Keywords: water absorption, infiltrometer; Grade Level: Second Grade; Total Time Required: One Hour; Setting: Three investigation sites: forest floor, lawn, and blacktop

Subjects Covered: Science

Topics Covered: water absorption

Goals for the Lesson

Students will hike and perform an infiltrometer investigation at three different sites. At each site they will note the characteristics of the land, animals, and air. Following their data collection, students will create an infiltrometer and use the tool to determine the amount of moisture that can be absorbed.

Materials Needed

- 3 sheets of white paper (per student)
- Pencils, crayons, markers, and colored pencils
- PVC piping (1 pipe per pair of students)

State Standards Addressed:
4.1.4 Environment and Ecology
E Recognize the impact of watersheds and wetlands on animals and plants.
* Explain the role of watersheds in everyday life.
* Identify the role of watersheds and wetlands for plants and animals.


1.Ask students /what happens to the rain when it hits the ground?/
Mark down students ideas. Then explain that today they will be
conducting three investigations on what happens to the rain and
where it goes.

2. Take students to site one: the blacktop. Pass out a sheet of white
paper and ask the students to draw the ground. Have them label
what the ground is made up of and what is on the ground. Now have
them draw the "middle layer" of the site (plants, animals,
equipment, or anything that sits on the ground). Finally have them
draw the sky and they should label the items they draw.

3. After their data is collected tell students that they now will
collect data on where the water goes using a tool called an
infiltrometer (pull out a piece of PVC pipe). Demonstrate how to
use the infiltrometer by having partner A push it into the ground
as far as it can go and then have partner B fill the hole of the
infiltrometer with a ¼ cup of water. If the water is absorbed, or
sucked into the ground, have partner B add a second ¼ cup. Each
time they add ¼ cup have them make a tally mark on the back of
their white paper. *Please remember to tell students that if the
water leaks out of the infiltrometer then that is where the
tallies stop. If the water sits on top of the ground and is not
absorbed, they should note this as well.*

4. Repeat steps 2 and 3 at a lawn site and then in a forest area.
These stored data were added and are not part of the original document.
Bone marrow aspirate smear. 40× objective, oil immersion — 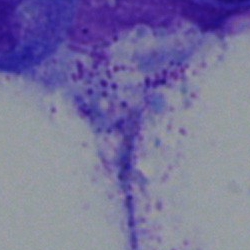

Cell: artefact.
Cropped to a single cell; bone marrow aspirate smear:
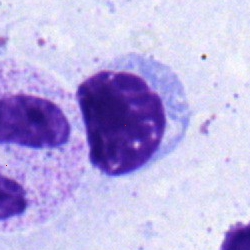
Morphology consistent with a nucleated red blood cell.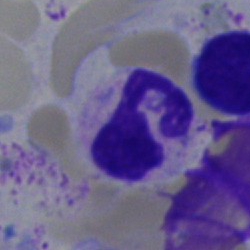 Cell = neutrophil (segmented).
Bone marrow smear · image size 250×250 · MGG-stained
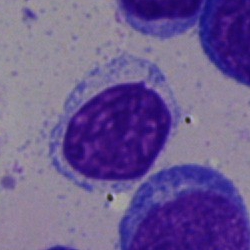

Cell type: lymphocyte.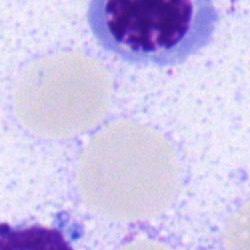
Q: What is the morphological classification of this cell?
A: It is an erythroblast.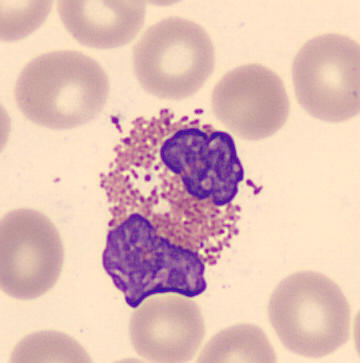 An eosinophil.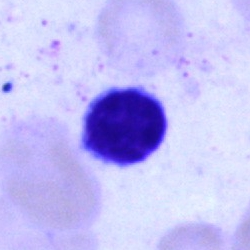Morphological class: lymphocyte.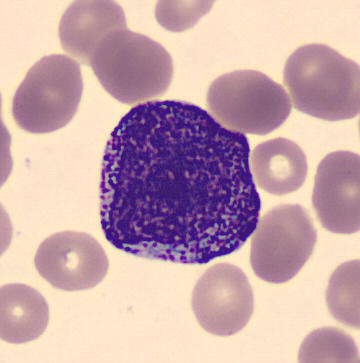
Image: Peripheral blood smear.
Single cell identified as a promyelocyte.
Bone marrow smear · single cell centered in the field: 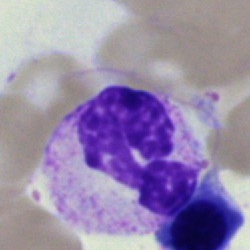Morphology → neutrophil (segmented).
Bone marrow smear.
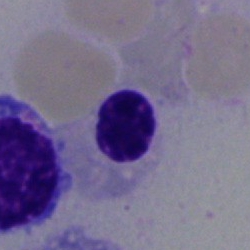 Q: Which cell type is shown here?
A: Nucleated red blood cell.
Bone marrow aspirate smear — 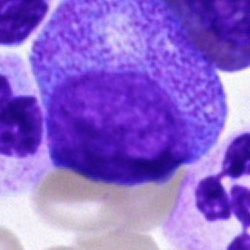A promyelocyte.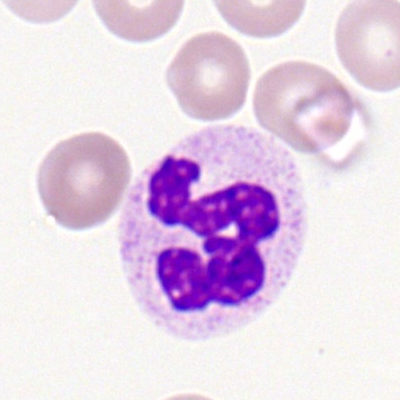Impression → polymorphonuclear neutrophil.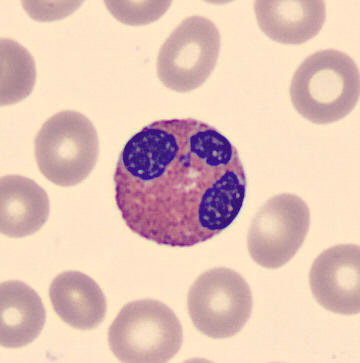
Specimen: peripheral blood film.
Cell: eosinophil.
Lineage: myeloid.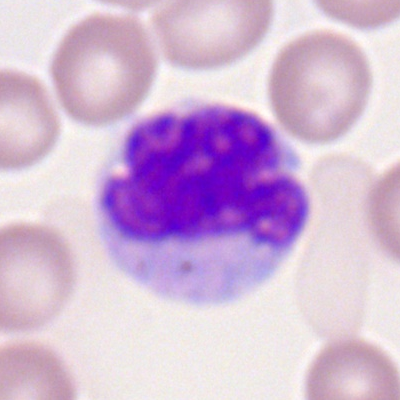

Showing a monocyte.
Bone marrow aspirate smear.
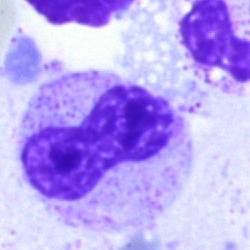

Specimen: bone marrow aspirate smear.
Morphological class: band-form neutrophil.
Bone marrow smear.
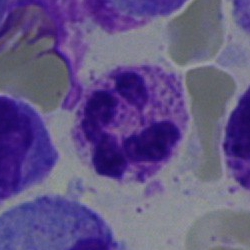
Morphological class — polymorphonuclear neutrophil.
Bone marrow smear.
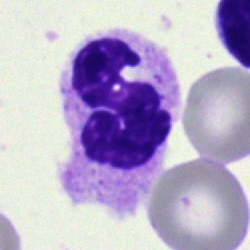A neutrophil (segmented).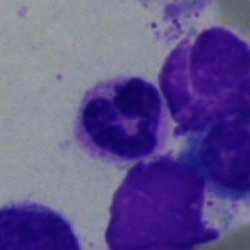
Q: Identify the cell.
A: This is a polymorphonuclear neutrophil.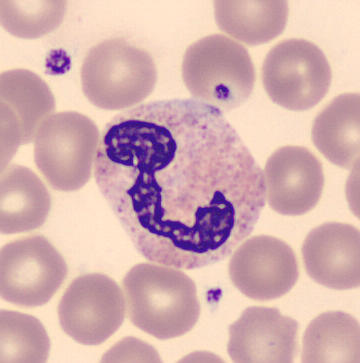

Peripheral blood film, single cell — neutrophil (segmented).
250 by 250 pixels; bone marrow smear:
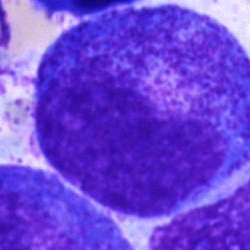 This is a promyelocyte.
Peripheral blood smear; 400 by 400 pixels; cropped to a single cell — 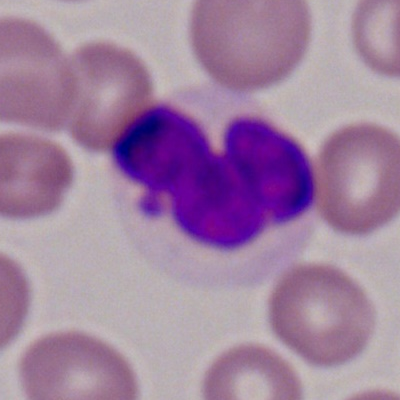
Morphology consistent with a segmented neutrophil.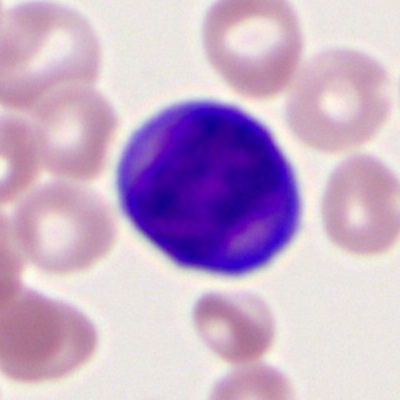
Q: What cell is this?
A: Myeloblast.
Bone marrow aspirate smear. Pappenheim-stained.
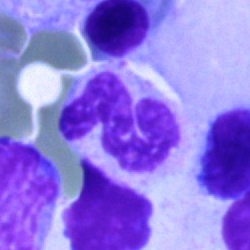Morphology consistent with a neutrophil (segmented).
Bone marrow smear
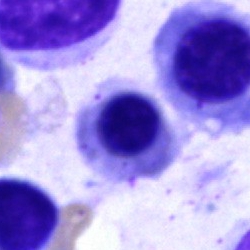

{"cell_type": "nucleated red cell"}
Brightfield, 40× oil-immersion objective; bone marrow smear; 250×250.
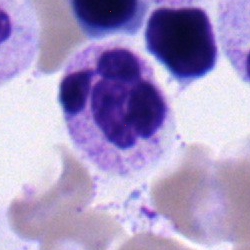
Showing a polymorphonuclear neutrophil.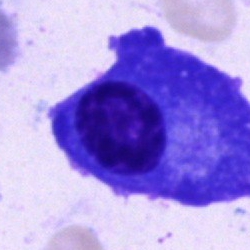

Showing a plasma cell.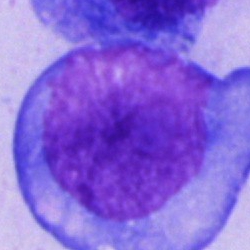Bone marrow smear showing a blast.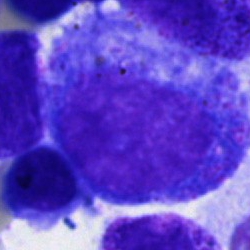
Morphology → progranulocyte.
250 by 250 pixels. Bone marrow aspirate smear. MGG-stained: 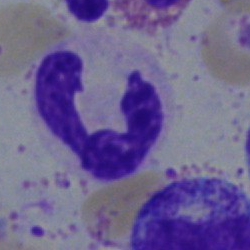
Classification — polymorphonuclear neutrophil.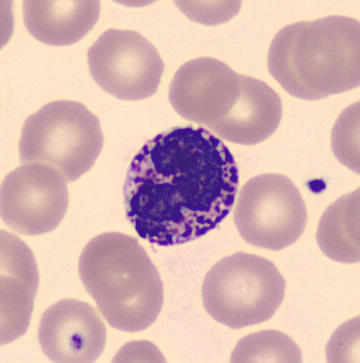 Image size 360×363 · automated cell imaging (CellaVision DM96) · peripheral blood film.
A basophilic granulocyte.
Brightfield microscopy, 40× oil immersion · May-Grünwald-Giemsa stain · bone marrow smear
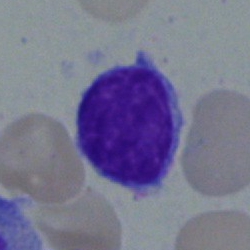
Single cell identified as a lymphocyte.
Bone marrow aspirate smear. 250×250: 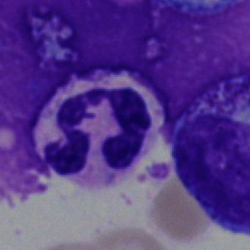Cell type — neutrophil (segmented).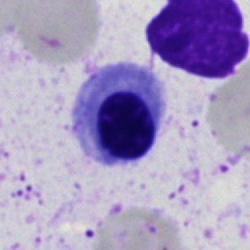
Morphology consistent with an erythroblast.
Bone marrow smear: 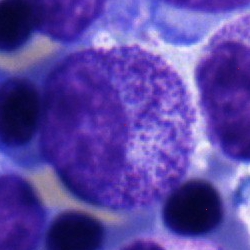

Metamyelocyte.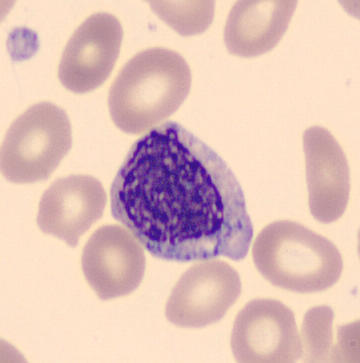Showing a myelocyte.
Acquisition: Single-cell crop · peripheral blood film.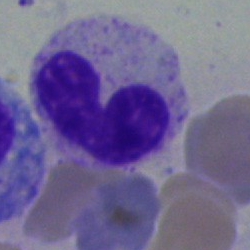

The cell type is stab cell.
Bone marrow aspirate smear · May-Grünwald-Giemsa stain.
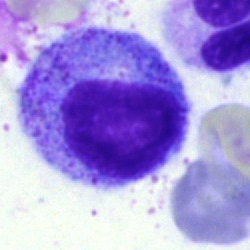 Morphology consistent with a myelocyte.
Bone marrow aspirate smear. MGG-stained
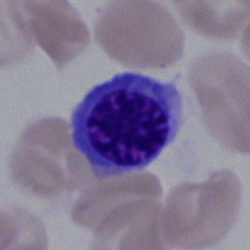
Morphology consistent with a nucleated red cell.
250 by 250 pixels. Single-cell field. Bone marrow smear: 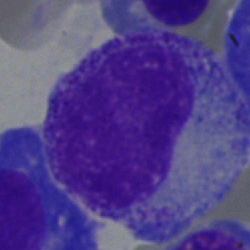Specimen: bone marrow aspirate smear.
Morphological class: myelocyte.
Lineage: myeloid.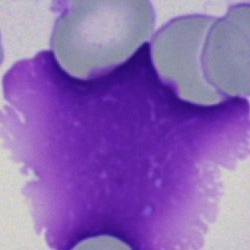 Cell type = artefact.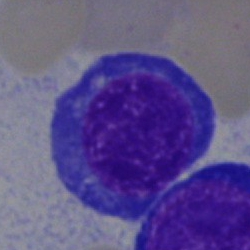 Classification — nucleated red blood cell.
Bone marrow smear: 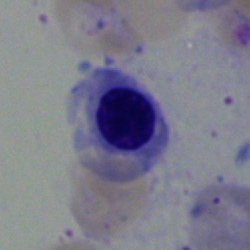

Morphology consistent with a nucleated red blood cell.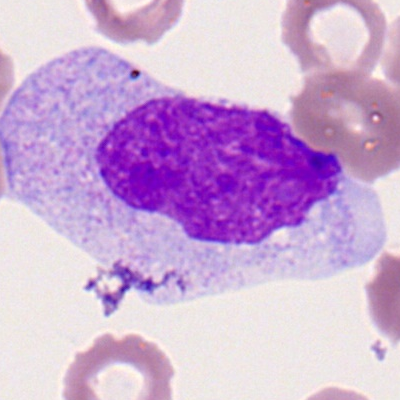Specimen: peripheral blood smear.
Cell: monocyte.
Lineage: myeloid.
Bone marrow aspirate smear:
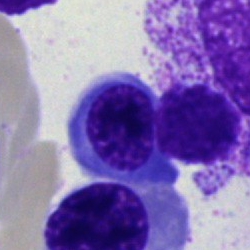

Specimen: bone marrow aspirate smear.
Classification: nucleated red blood cell.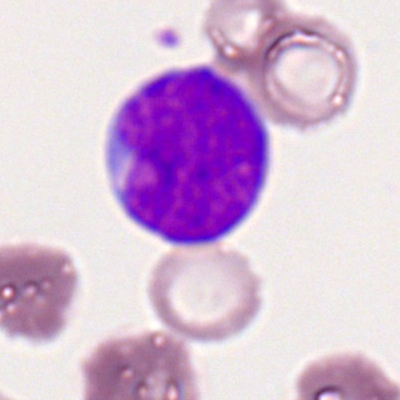

Q: What type of cell is this?
A: Myeloblast.
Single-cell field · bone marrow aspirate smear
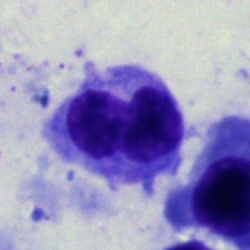
This is a nucleated red cell.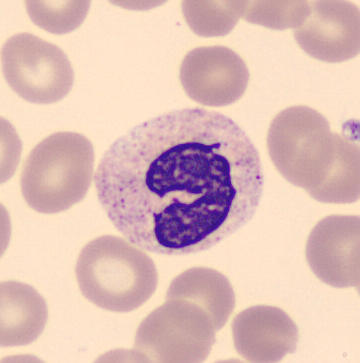

Cell = neutrophil (band).
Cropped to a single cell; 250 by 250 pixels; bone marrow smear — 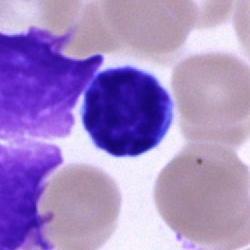 Q: Identify the cell.
A: It is a typical lymphocyte.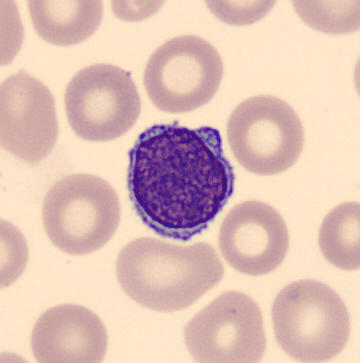

Single cell identified as a lymphocyte.
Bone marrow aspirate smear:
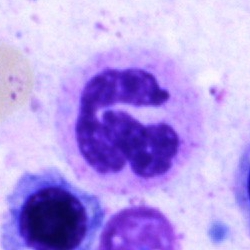

Showing a polymorphonuclear neutrophil.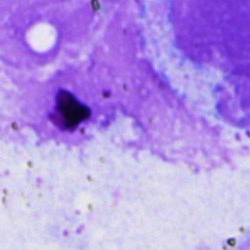
The classification is artifact.
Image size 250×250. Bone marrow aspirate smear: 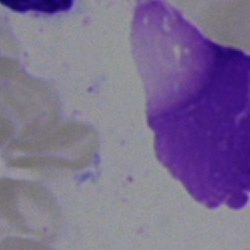
An artefact.
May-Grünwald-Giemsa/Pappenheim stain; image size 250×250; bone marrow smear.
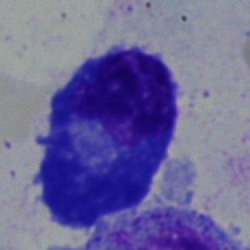 Showing a plasmacyte.
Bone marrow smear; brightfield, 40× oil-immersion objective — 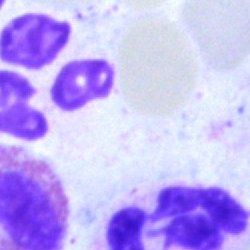 Showing an artefact.

5. Have the group come back together to share their data. On the
board ask students what were some characteristics that they
noticed in site one. Write them down on the board. Then discuss
how many tallies they collected with the infiltrometer. Repeat for
site 2 and 3.

6. Now ask students to turn on their thinking caps and think about
why they got these results. What characteristics about the site
changed where the water went? (prompt students to discuss how
plants and soil absorb water. Places that have more plants absorb
more water.

7. Place the words absorb and infiltrometer onto the science word
wall. Have students staple their data sheets together and put a
front cover on the book entitled "Infiltrometer Investigation".
Have them keep this to use for future investigations.


Students will be assessed on the completion of the Infiltrometer Investigation book. Students should have a title page and then three sites where they drew the land characteristics as well as kept tallies for their infiltrometer studies.